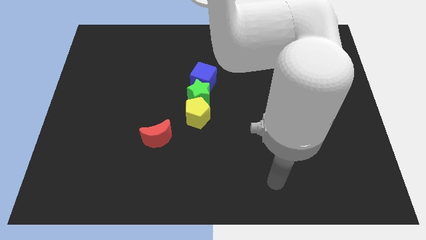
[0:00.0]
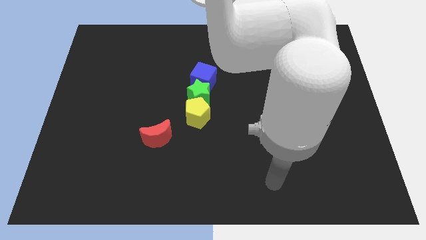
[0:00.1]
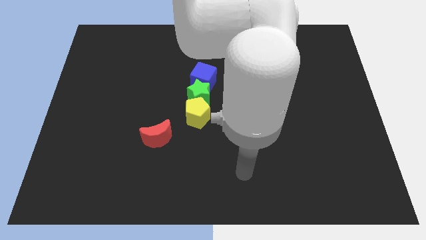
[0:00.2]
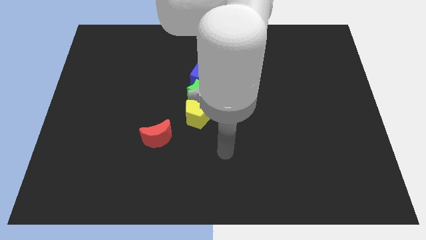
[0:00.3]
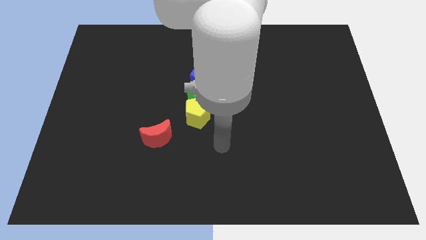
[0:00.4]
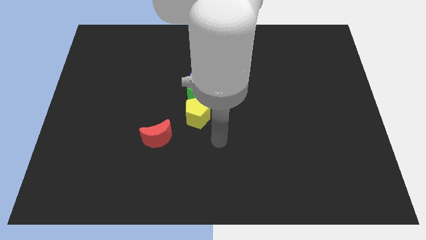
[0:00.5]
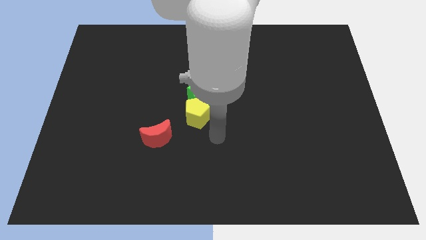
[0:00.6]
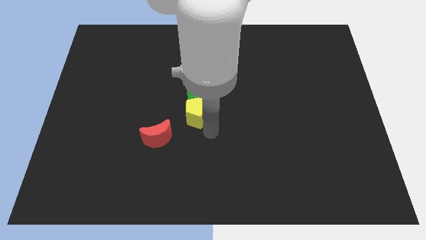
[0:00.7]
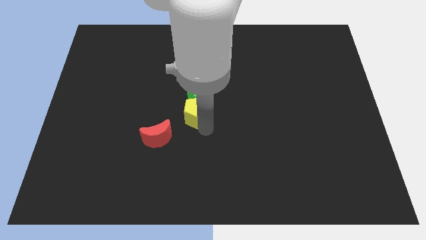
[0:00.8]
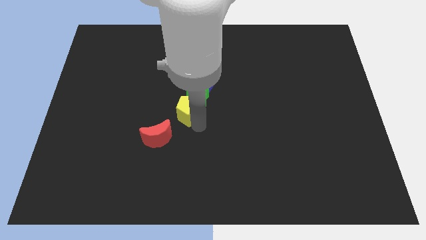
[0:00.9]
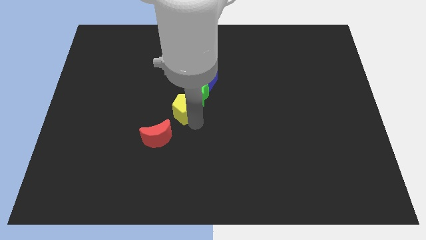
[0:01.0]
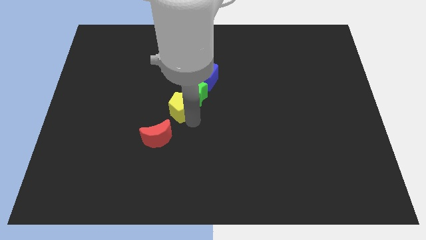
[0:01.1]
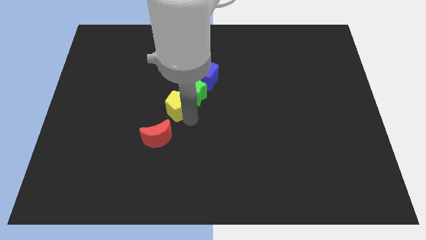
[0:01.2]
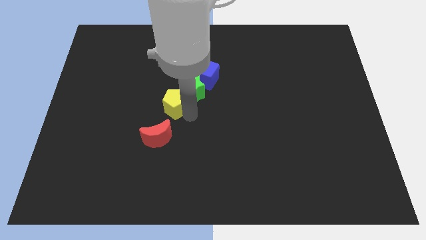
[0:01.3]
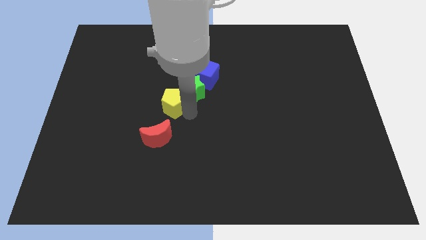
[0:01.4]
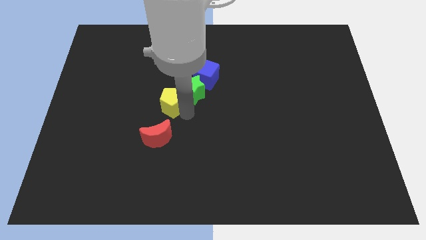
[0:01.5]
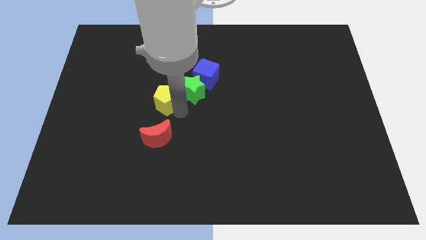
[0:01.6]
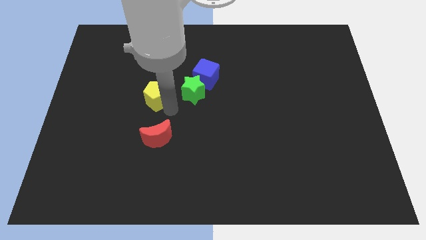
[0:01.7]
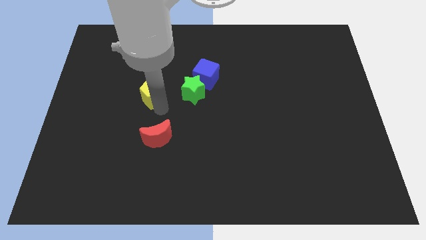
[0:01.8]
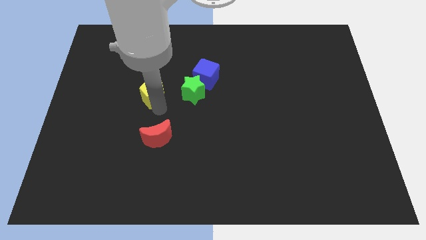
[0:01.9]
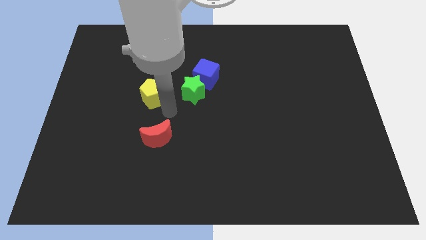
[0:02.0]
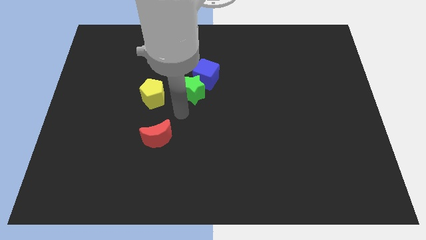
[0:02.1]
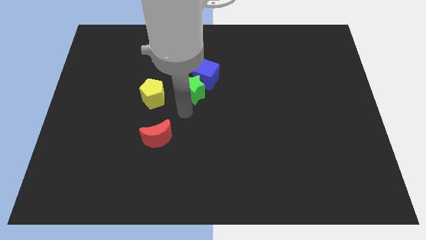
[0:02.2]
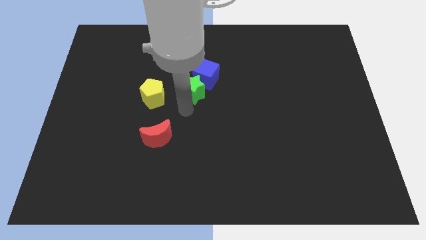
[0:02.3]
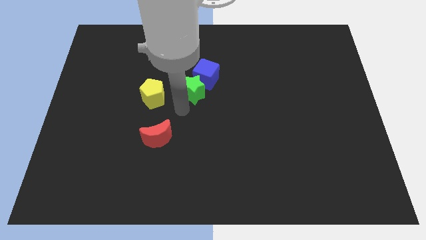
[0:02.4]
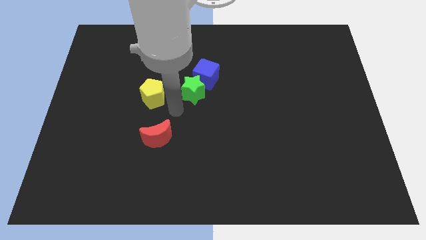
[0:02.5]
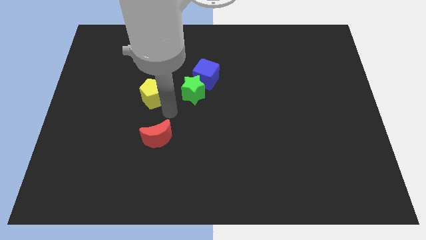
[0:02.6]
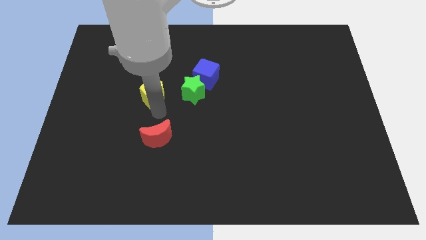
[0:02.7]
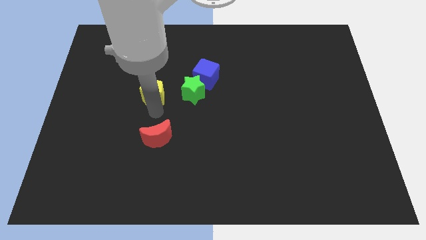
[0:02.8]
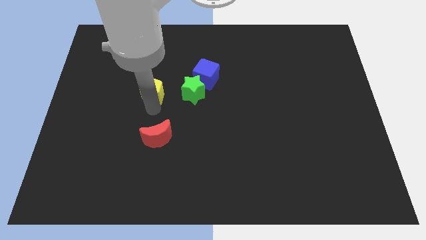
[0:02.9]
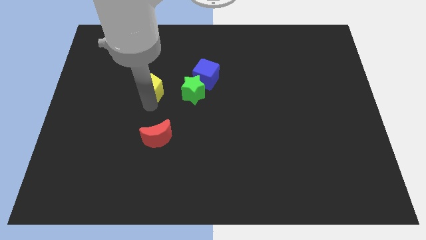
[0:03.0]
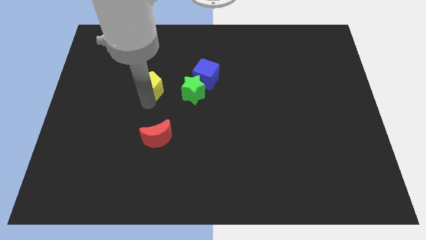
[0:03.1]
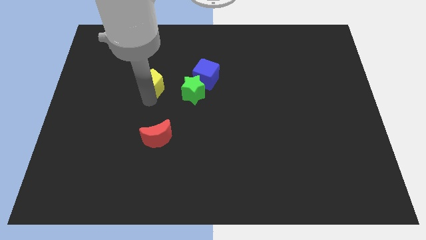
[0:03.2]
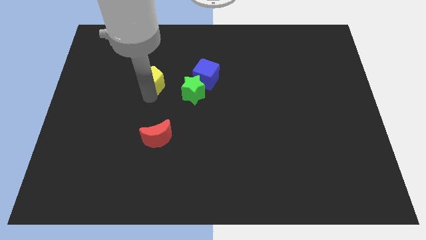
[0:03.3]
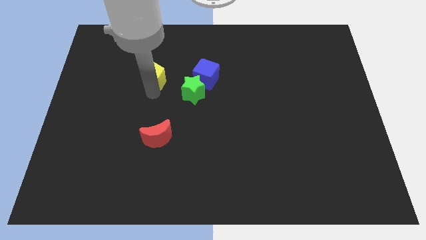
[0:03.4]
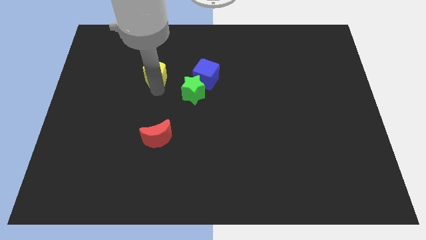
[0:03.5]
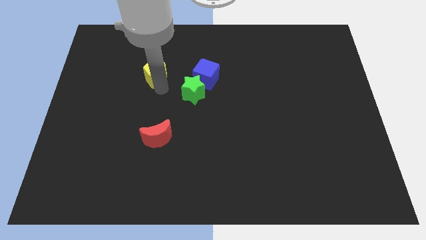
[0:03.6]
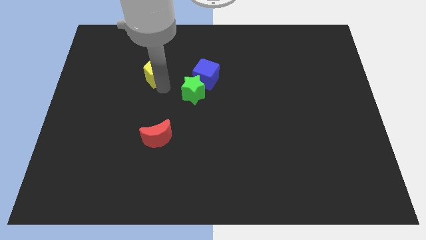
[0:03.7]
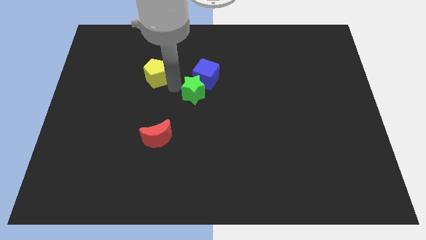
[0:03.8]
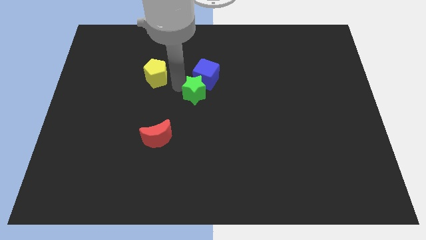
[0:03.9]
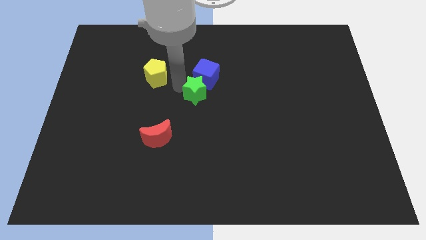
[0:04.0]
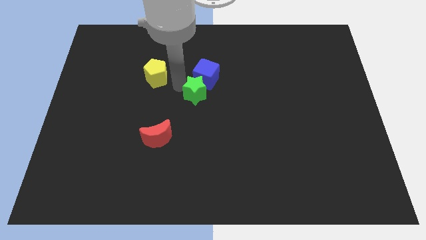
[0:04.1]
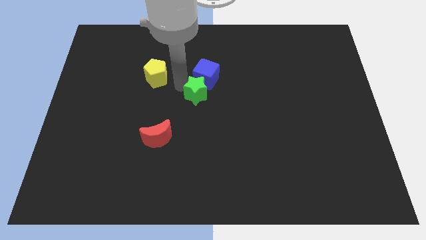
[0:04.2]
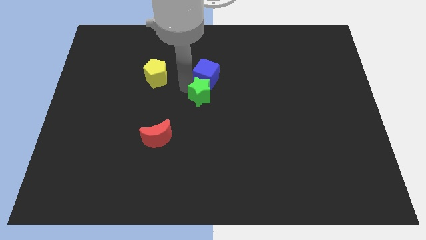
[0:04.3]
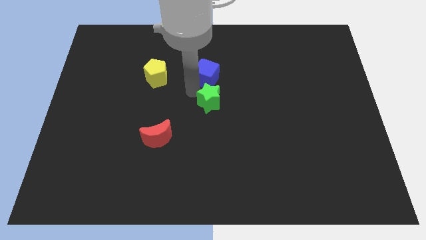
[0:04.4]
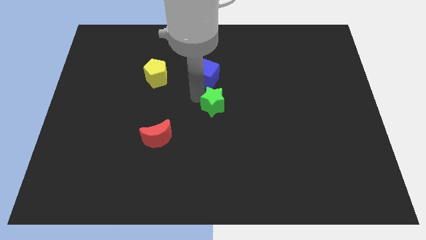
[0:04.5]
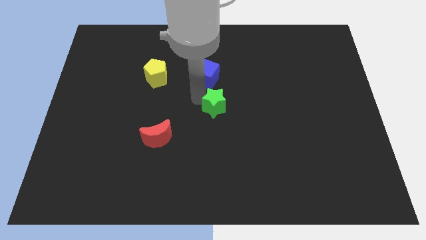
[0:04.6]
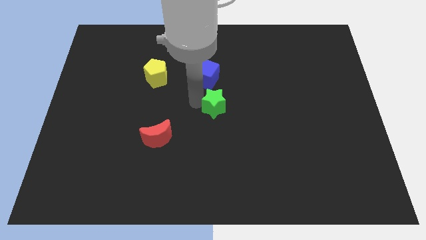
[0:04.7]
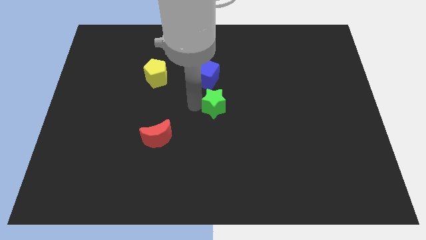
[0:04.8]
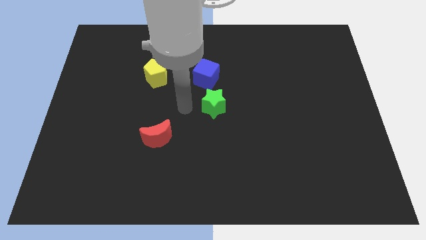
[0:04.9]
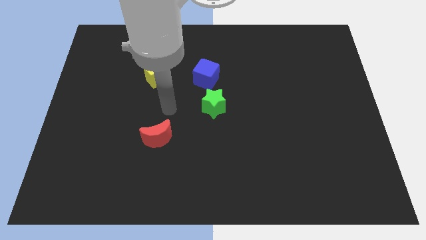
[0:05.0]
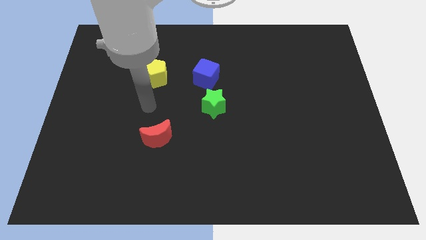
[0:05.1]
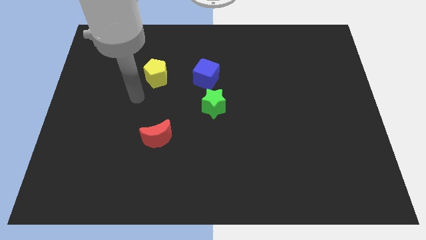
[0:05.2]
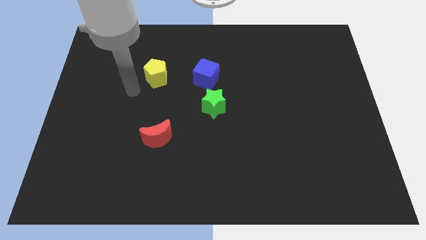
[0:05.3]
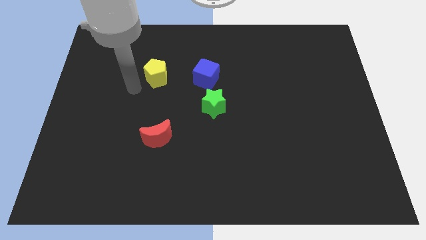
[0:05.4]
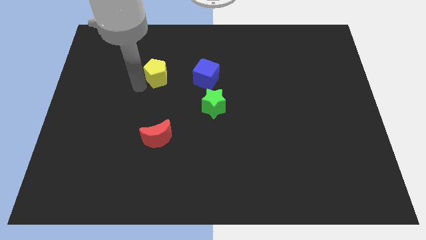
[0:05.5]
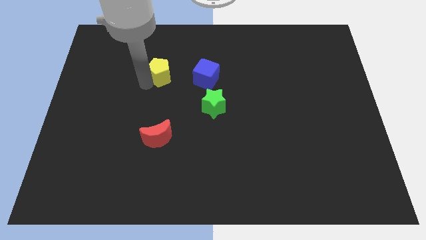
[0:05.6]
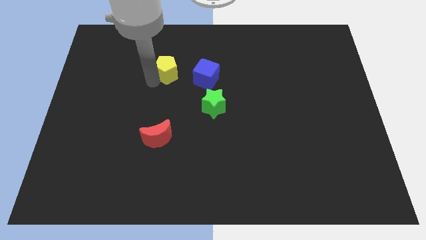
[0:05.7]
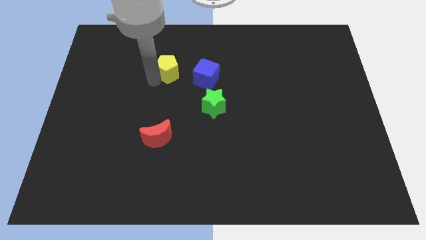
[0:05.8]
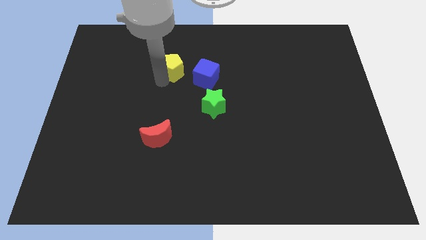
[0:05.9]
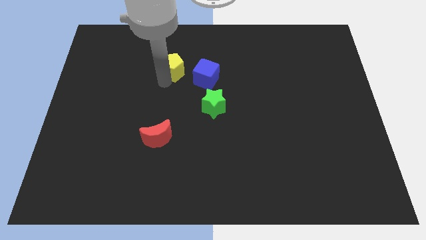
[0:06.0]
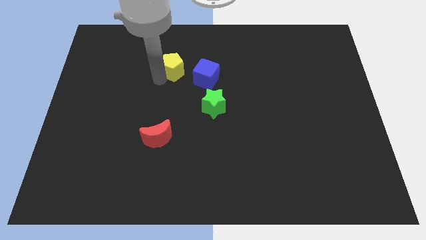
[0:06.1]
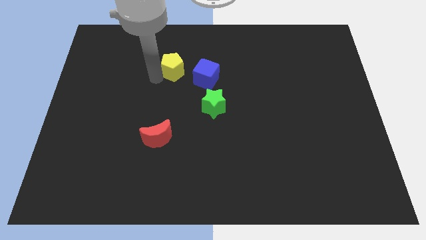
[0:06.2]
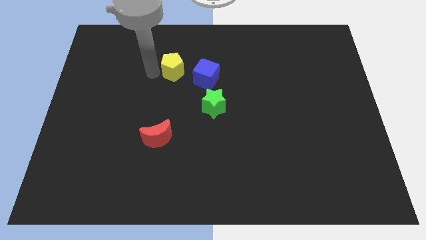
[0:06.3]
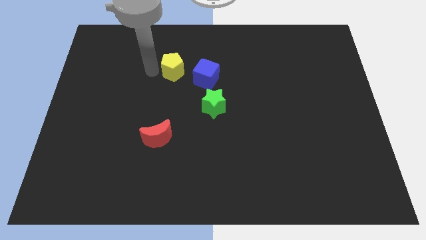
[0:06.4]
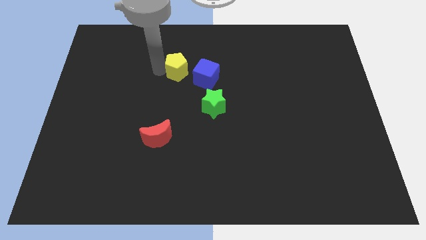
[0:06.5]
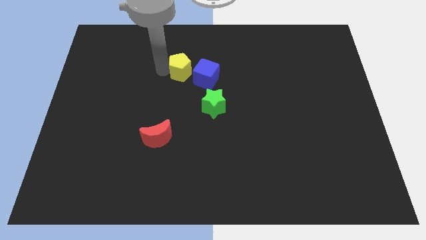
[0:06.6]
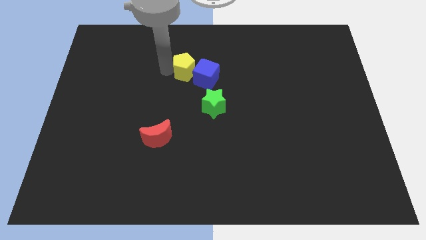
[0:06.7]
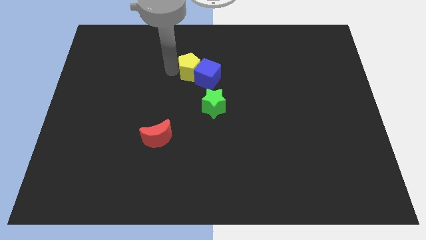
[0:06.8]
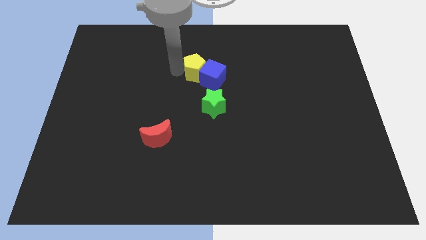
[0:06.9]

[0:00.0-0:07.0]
put the pentagon towards the blue cube

※ ※ ※

WORK ITEM:
Take the listing above and restate it word for word, without its pictures.

WRITTEN ANSWER:
[0:00.0]
[0:00.1]
[0:00.2]
[0:00.3]
[0:00.4]
[0:00.5]
[0:00.6]
[0:00.7]
[0:00.8]
[0:00.9]
[0:01.0]
[0:01.1]
[0:01.2]
[0:01.3]
[0:01.4]
[0:01.5]
[0:01.6]
[0:01.7]
[0:01.8]
[0:01.9]
[0:02.0]
[0:02.1]
[0:02.2]
[0:02.3]
[0:02.4]
[0:02.5]
[0:02.6]
[0:02.7]
[0:02.8]
[0:02.9]
[0:03.0]
[0:03.1]
[0:03.2]
[0:03.3]
[0:03.4]
[0:03.5]
[0:03.6]
[0:03.7]
[0:03.8]
[0:03.9]
[0:04.0]
[0:04.1]
[0:04.2]
[0:04.3]
[0:04.4]
[0:04.5]
[0:04.6]
[0:04.7]
[0:04.8]
[0:04.9]
[0:05.0]
[0:05.1]
[0:05.2]
[0:05.3]
[0:05.4]
[0:05.5]
[0:05.6]
[0:05.7]
[0:05.8]
[0:05.9]
[0:06.0]
[0:06.1]
[0:06.2]
[0:06.3]
[0:06.4]
[0:06.5]
[0:06.6]
[0:06.7]
[0:06.8]
[0:06.9]

[0:00.0-0:07.0]
put the pentagon towards the blue cube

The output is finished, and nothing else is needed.